Yes, because it is seen as a signifier of being published. But there are very modern eco-systems that are dependent on the PDF. ResearchGate, for example, is 100% PDF-based.

Patrick

During a recent conversation with Bill Kasdorf, he said that it’s going to take the next generation of digital natives that are coming along to change this culture. Because that generation consume content using mobile – and you simply can’t consume a PDF properly on a phone.

Charles

But look at all your research about how conversative this industry is. In my past experience, I have been involved in the sales function and when talking to publishers about what technology can do for them, I would see a range of reactions with some embracing it, but a significant percentage fearing for their roles.
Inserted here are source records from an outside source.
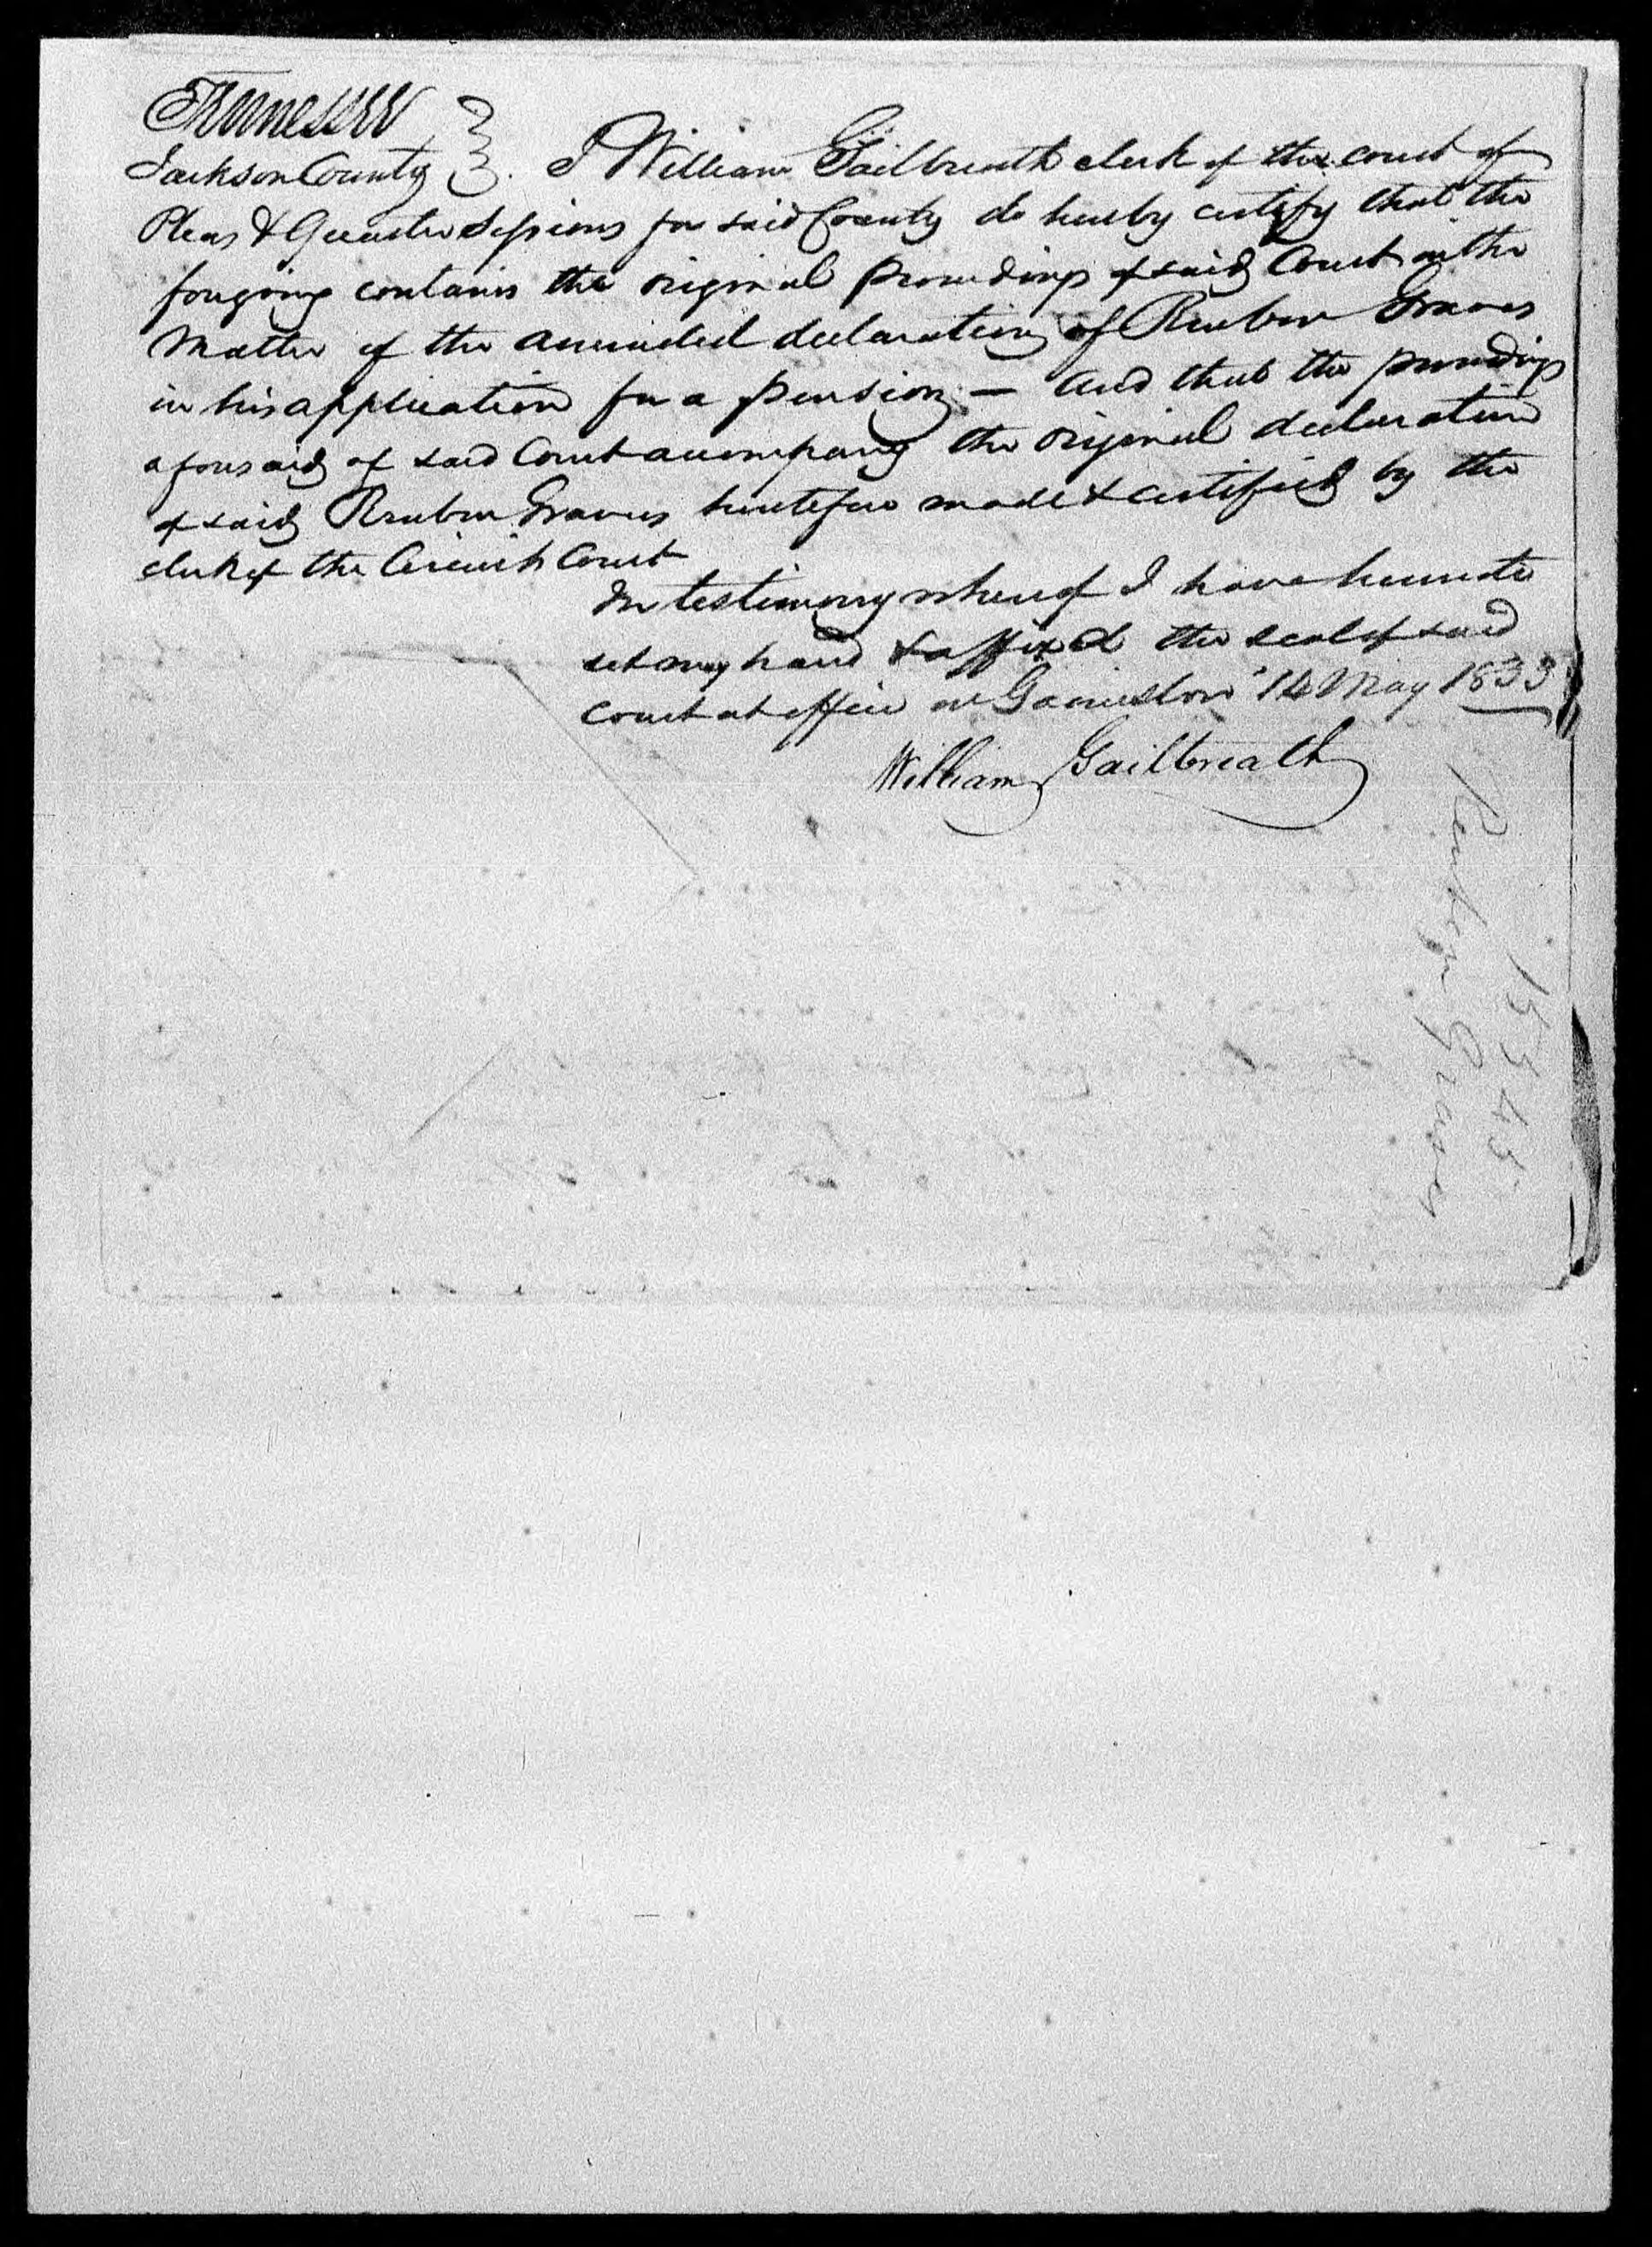Tennessee
Jackson County

I William Galbreath clerk of the court of Common Pleas and Quarter Sessions for said County do hereby certify that the foregoing contains the original proceedings of said Court in the matter of the amended declaration of Ruben Graves in his application for a pension  - and that the proceedings of said Court accompany the original declaration of said Ruben Graves heretofore made and certified by the clerk of the Circuit Court.

In testimony whereof I have hereunto set my hand and affixed the seal of said Court at offices at Gainsboro 14 May 1833
William Galbreath

15545
Ruben Graves

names: William Gailbreath, Reuben Graves, William Gailbreath, Reuben Graves, Reuben Graves
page: 11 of 22
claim: survivor's
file: S. 3408, Reuben Graves, Va.

So, if we haven’t managed to kill off Word, then the idea of killing off the PDF doesn’t seem feasible.

Patrick

One might be tempted to say that these vendors are too big to fail, but look at the classic example of Kodak – a market leader who failed read the tea leaves properly, didn’t digitise and got left behind.

Charles

And they themselves had created the technology that later destroyed them!

Patrick

Indeed, but they saw digital as a by-product and had such faith in the revenues the status quo would deliver. It’s a compelling case study.